2024-02-05 07:00:59 | 防衛・安全保障
■防衛情報-ウクライナ戦争
 第二のエイラートショックというべきでしょうか、無人艇について評価を改めるべきかもしれない重要な一例がウクライナ海軍により海軍史に刻まれた模様です。

 ロシア海軍のタランタル級コルベットイワノヴェッツがウクライナ海軍無人艇の攻撃を受け撃沈されました。ウクライナ国防省ブダノフ情報総局長の発表によればイワノヴェッツはマグラV5無人艇6隻の攻撃を受けているという。撃沈されたのは黒海北部のアゾフ海で、航行中に多方向から無人艇攻撃を受け、搭載弾薬に誘爆し撃沈されたもよう。

 タランタル級は満載排水量500tの大型ミサイル艇、艦砲と個艦防空ミサイルや対潜擲弾発射装置といった基本的な装備に加えてきわめて強力なモスキート対艦ミサイルを搭載し、哨戒任務に加え大型水上戦闘艦への水上打撃任務にも対応するもの。最大速力は41ノットと高速ですが、今回航行中に攻撃を受け、無人艇の攻撃を振り切る事は出来なかった。

 ウクライナ海軍は元々大型水上戦闘艦を殆ど保有せず、数少ない艦艇は開戦以前にクリミア半島周辺のアゾフ海などで拿捕されるなど壊滅状態にありました、他方、アゾフ海のウクライナ艦艇を国会に航行させない為にロシア側が開戦以前にクリミア半島とロシア本土を結ぶクリミア大橋の橋桁を敢えて低くしたことが、現在ロシア海軍を苦しめています。

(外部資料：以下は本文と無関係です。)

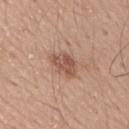Case summary:
- biopsy status · no biopsy performed (imaged during a skin exam)
- acquisition · ~15 mm tile from a whole-body skin photo
- patient · male, roughly 20 years of age
- body site · the right upper arm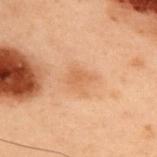Assessment: Imaged during a routine full-body skin examination; the lesion was not biopsied and no histopathology is available. Clinical summary: A close-up tile cropped from a whole-body skin photograph, about 15 mm across. The subject is a male in their mid-50s. The lesion is on the upper back.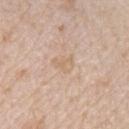Imaged during a routine full-body skin examination; the lesion was not biopsied and no histopathology is available.
The recorded lesion diameter is about 2.5 mm.
The lesion is on the chest.
The total-body-photography lesion software estimated a lesion area of about 3.5 mm² and an outline eccentricity of about 0.7 (0 = round, 1 = elongated). The software also gave a border-irregularity index near 4/10 and peripheral color asymmetry of about 0.5. It also reported an automated nevus-likeness rating near 0 out of 100 and a lesion-detection confidence of about 100/100.
The subject is a female approximately 45 years of age.
This is a white-light tile.
This image is a 15 mm lesion crop taken from a total-body photograph.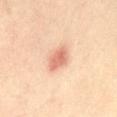{
  "biopsy_status": "not biopsied; imaged during a skin examination",
  "image": {
    "source": "total-body photography crop",
    "field_of_view_mm": 15
  },
  "lesion_size": {
    "long_diameter_mm_approx": 3.0
  },
  "lighting": "cross-polarized",
  "site": "abdomen",
  "patient": {
    "sex": "female",
    "age_approx": 40
  },
  "automated_metrics": {
    "area_mm2_approx": 5.5,
    "eccentricity": 0.75,
    "shape_asymmetry": 0.2,
    "border_irregularity_0_10": 2.0,
    "color_variation_0_10": 2.5,
    "peripheral_color_asymmetry": 1.0,
    "nevus_likeness_0_100": 55,
    "lesion_detection_confidence_0_100": 100
  }
}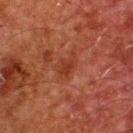<lesion>
<biopsy_status>not biopsied; imaged during a skin examination</biopsy_status>
<patient>
  <sex>male</sex>
  <age_approx>60</age_approx>
</patient>
<lesion_size>
  <long_diameter_mm_approx>3.5</long_diameter_mm_approx>
</lesion_size>
<site>back</site>
<lighting>cross-polarized</lighting>
<image>
  <source>total-body photography crop</source>
  <field_of_view_mm>15</field_of_view_mm>
</image>
<automated_metrics>
  <area_mm2_approx>5.0</area_mm2_approx>
  <eccentricity>0.75</eccentricity>
  <shape_asymmetry>0.35</shape_asymmetry>
  <border_irregularity_0_10>3.5</border_irregularity_0_10>
  <peripheral_color_asymmetry>0.5</peripheral_color_asymmetry>
  <nevus_likeness_0_100>0</nevus_likeness_0_100>
  <lesion_detection_confidence_0_100>100</lesion_detection_confidence_0_100>
</automated_metrics>
</lesion>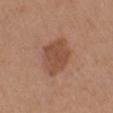Context: The lesion's longest dimension is about 4.5 mm. On the right upper arm. The tile uses white-light illumination. Cropped from a whole-body photographic skin survey; the tile spans about 15 mm. The subject is a female aged 38–42.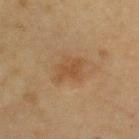Clinical impression:
Part of a total-body skin-imaging series; this lesion was reviewed on a skin check and was not flagged for biopsy.
Context:
The total-body-photography lesion software estimated a footprint of about 7.5 mm² and two-axis asymmetry of about 0.3. It also reported about 6 CIELAB-L* units darker than the surrounding skin and a lesion-to-skin contrast of about 5.5 (normalized; higher = more distinct). The software also gave a border-irregularity rating of about 3/10 and a within-lesion color-variation index near 2/10. The analysis additionally found lesion-presence confidence of about 100/100. Longest diameter approximately 3.5 mm. From the right upper arm. A close-up tile cropped from a whole-body skin photograph, about 15 mm across. The patient is a female aged 68 to 72.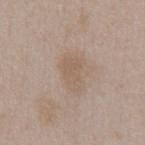Q: Is there a histopathology result?
A: no biopsy performed (imaged during a skin exam)
Q: What is the imaging modality?
A: ~15 mm tile from a whole-body skin photo
Q: Who is the patient?
A: male, in their 50s
Q: Where on the body is the lesion?
A: the front of the torso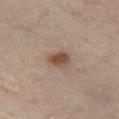Assessment:
Imaged during a routine full-body skin examination; the lesion was not biopsied and no histopathology is available.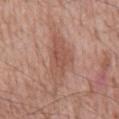The lesion was tiled from a total-body skin photograph and was not biopsied.
Automated tile analysis of the lesion measured a footprint of about 13 mm², an eccentricity of roughly 0.85, and a symmetry-axis asymmetry near 0.4. The analysis additionally found a nevus-likeness score of about 0/100 and a lesion-detection confidence of about 100/100.
A region of skin cropped from a whole-body photographic capture, roughly 15 mm wide.
The lesion is located on the mid back.
The lesion's longest dimension is about 6.5 mm.
A male patient, aged 58 to 62.
This is a white-light tile.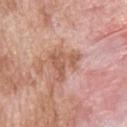Imaged during a routine full-body skin examination; the lesion was not biopsied and no histopathology is available. The lesion's longest dimension is about 4 mm. This is a white-light tile. Located on the upper back. A roughly 15 mm field-of-view crop from a total-body skin photograph. The patient is a male aged approximately 60.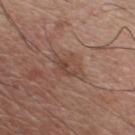notes: no biopsy performed (imaged during a skin exam); diameter: ~4 mm (longest diameter); image: 15 mm crop, total-body photography; subject: male, aged approximately 75; location: the chest; tile lighting: white-light illumination.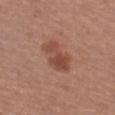* notes: no biopsy performed (imaged during a skin exam)
* tile lighting: white-light illumination
* TBP lesion metrics: a lesion area of about 9.5 mm², an outline eccentricity of about 0.85 (0 = round, 1 = elongated), and two-axis asymmetry of about 0.3; a mean CIELAB color near L≈47 a*≈23 b*≈29 and a lesion–skin lightness drop of about 9; internal color variation of about 4.5 on a 0–10 scale and radial color variation of about 1.5; a classifier nevus-likeness of about 15/100 and lesion-presence confidence of about 100/100
* site: the left thigh
* lesion diameter: ~4.5 mm (longest diameter)
* image source: 15 mm crop, total-body photography
* patient: female, aged approximately 55

 クリミア大橋の橋脚が低い為にロシア艦艇が自らアゾフ海と黒海を自由に航行できないばかりか、クリミア大橋を狙うウクライナ海軍無人艇にとり低い橋脚は限られた爆発物でも効果を上げる事に繋がっています。今回イワノヴェッツが撃沈された背景にも、アゾフ海では浅瀬などの問題から身動きが取れず、無人艇に捕捉された可能性があるでしょう。

 ウクライナ海軍無人艇マグラV5による戦果、ウクライナ海軍は既に無人艇マグラシリーズを第五世代まで開発していますが、これまで戦果の多くは停泊中の艦艇か、航行中の目標は低速の揚陸艦や情報収集艦などに限られてきました。タランタル級は小型で高速の目標、また30mm機関砲や76mm艦砲などを備え防御力にも秀でているとされました。

 タランタル級の撃沈はマグラシリーズの能力向上を示すとともに、今後ロシア海軍は黒海において、哨戒ヘリコプター等の無人艇を早期に探知する手段なしには小型高速艦艇であっても無人艇からは逃れられない事を示唆しています。これは徘徊式魚雷というべき新しい装備体系が生まれつつあることを示し、今後各国海軍の装備体系にも影響を与えます。